TASK OBJECTIVE
Your task is to write out exactly the lines from the line containing "Washington D.C." through the end of the records, inclusive at both ends.
[DATA SUPPLIED — start]
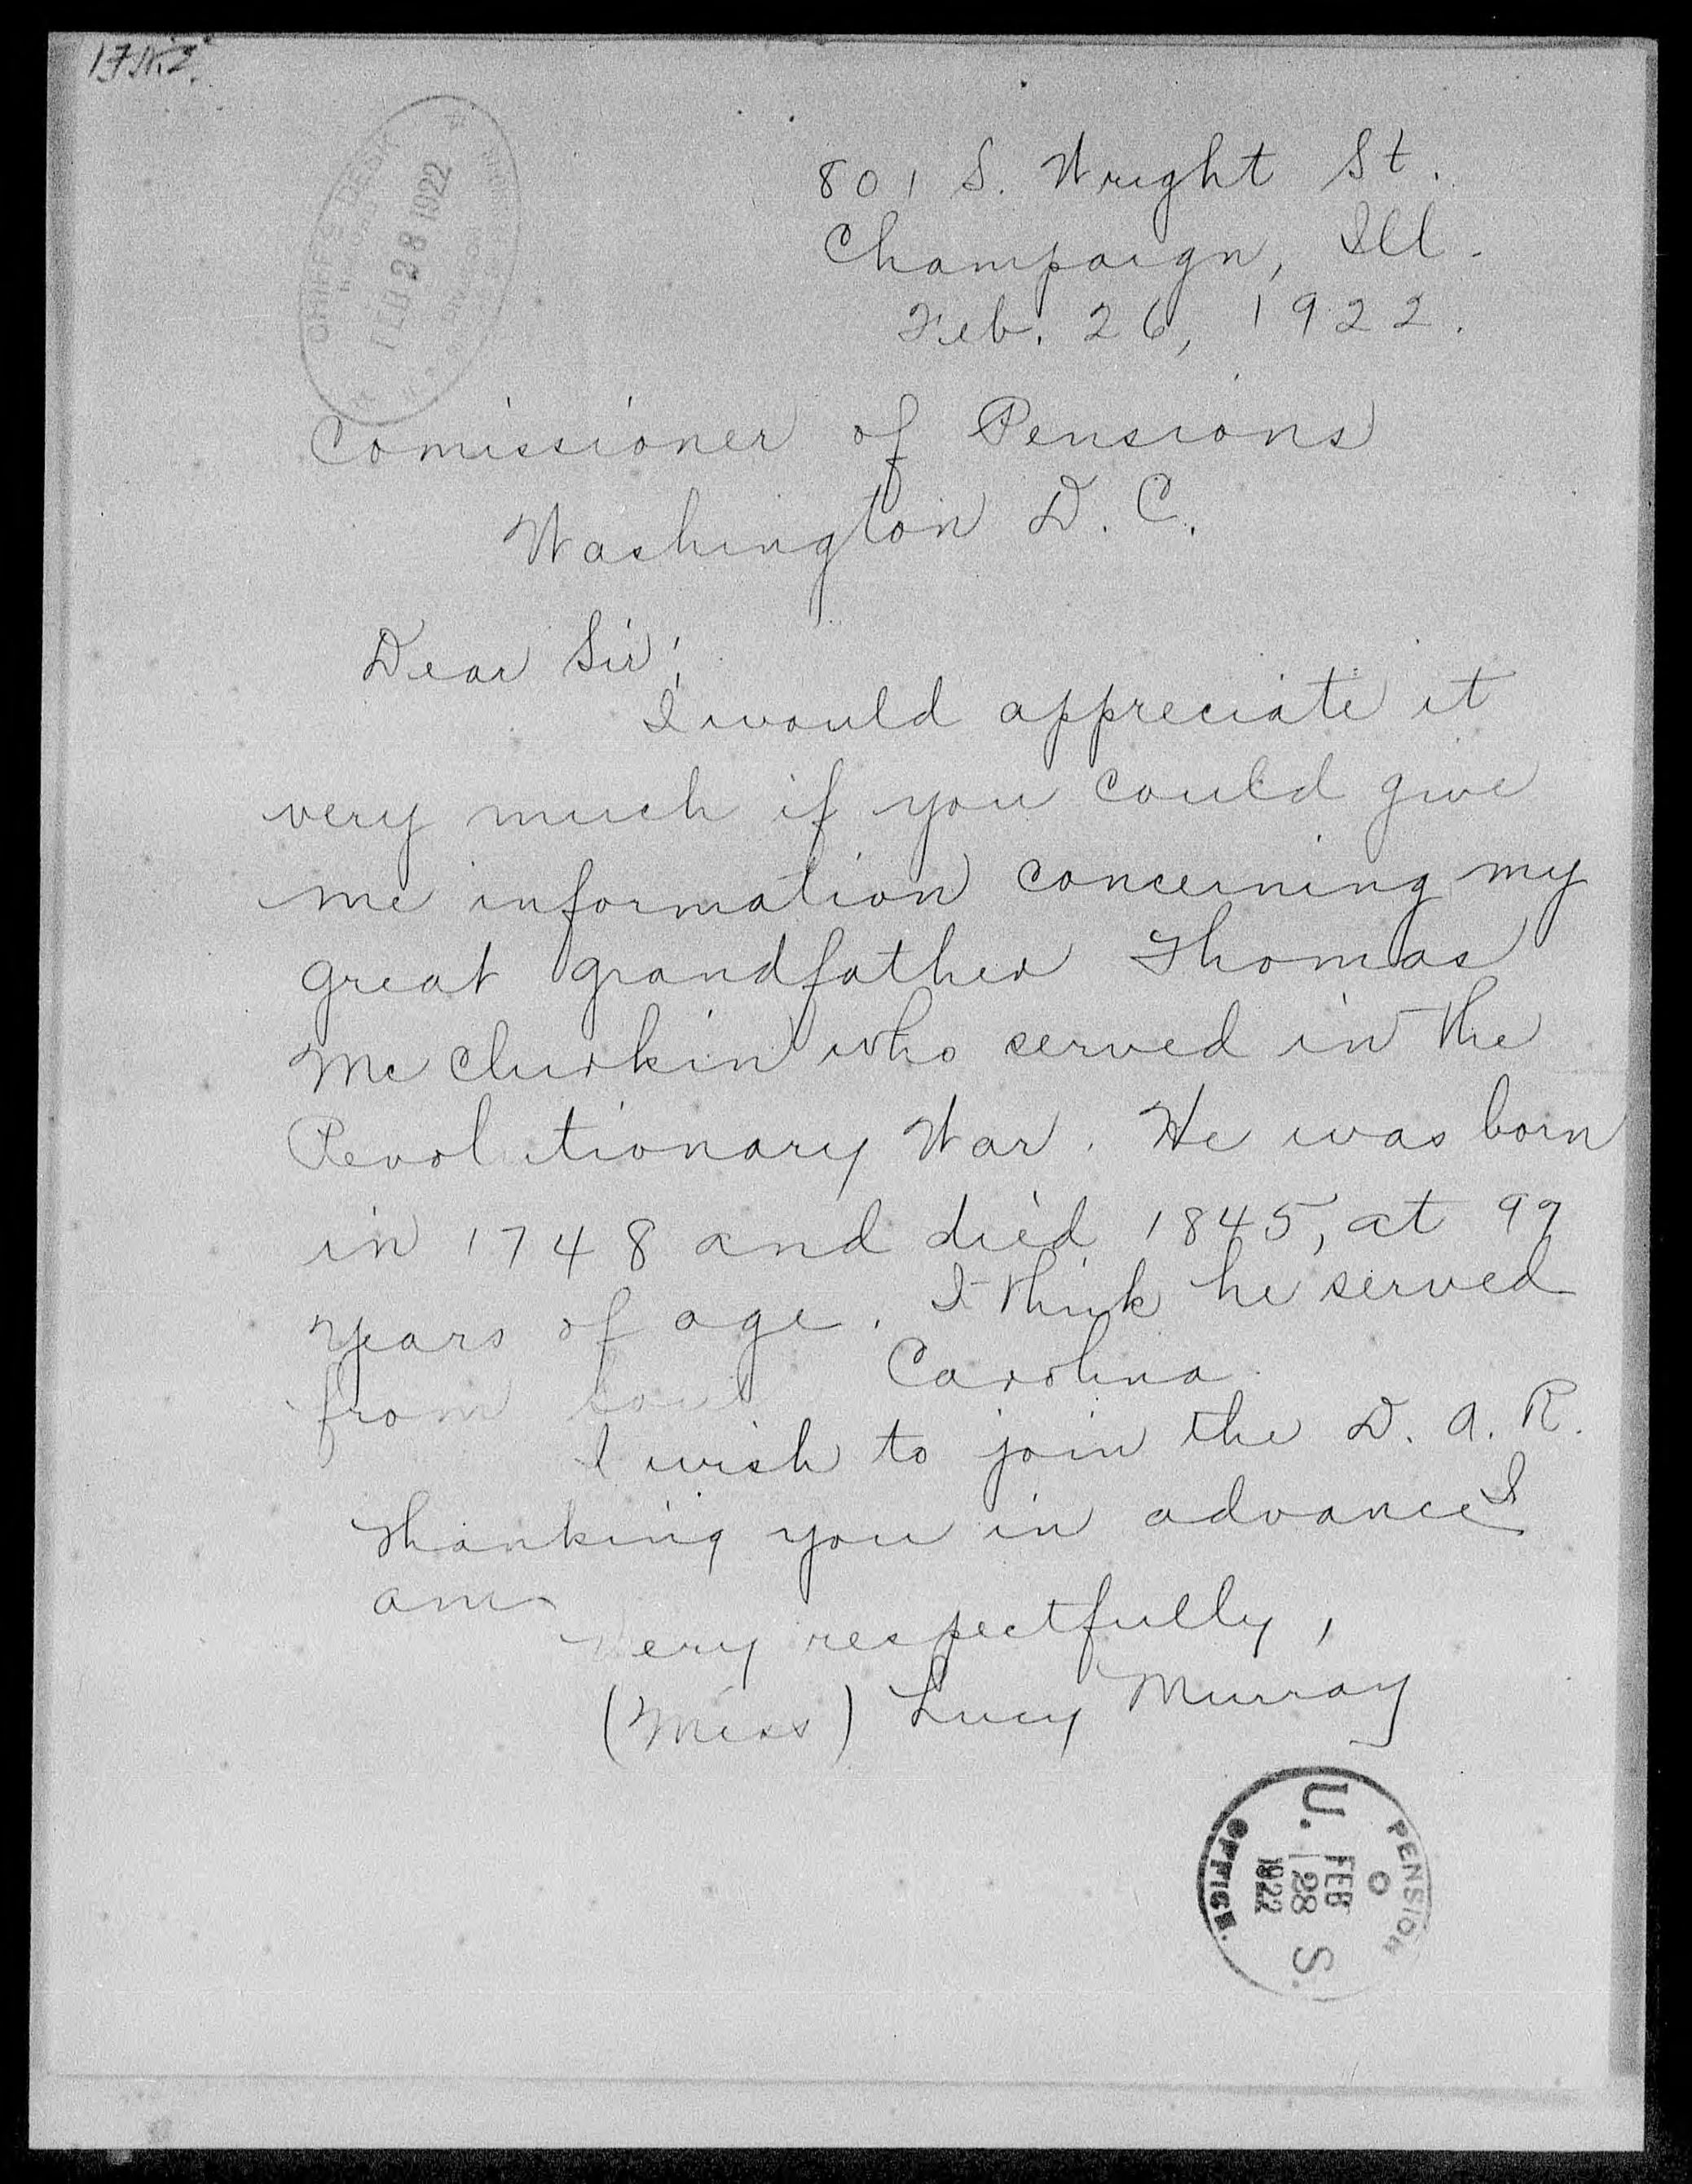801 S. Wright St. 
Champaign, Ill. 
Feb. 26, 1922 
Commissioner of Pensions 
Washington D.C. 

Dear Sir: 
I would appreciate it 
very much if you could give 
me information concerning my 
great grandfather Thomas 
McClurkin who served in the 
Revolutionary War. He was born 
in 1748 and died 1845, at 97 
years of age. I think he served
from South Carolina. 

I wish to join the D.A.R. 
thanking you in advance I
am 

Very respectfully,
(Miss) Lucy Murray

[seal]
[US PENSION OFFICE FEB 28, 1922]

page: 89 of 93
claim: widow's
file: W. 21792, for Thomas Mc Clurken, South Carolina
[DATA SUPPLIED — finish]
SOLUTION TO THIS TASK
Washington D.C. 

Dear Sir: 
I would appreciate it 
very much if you could give 
me information concerning my 
great grandfather Thomas 
McClurkin who served in the 
Revolutionary War. He was born 
in 1748 and died 1845, at 97 
years of age. I think he served
from South Carolina. 

I wish to join the D.A.R. 
thanking you in advance I
am 

Very respectfully,
(Miss) Lucy Murray

[seal]
[US PENSION OFFICE FEB 28, 1922]

page: 89 of 93
claim: widow's
file: W. 21792, for Thomas Mc Clurken, South Carolina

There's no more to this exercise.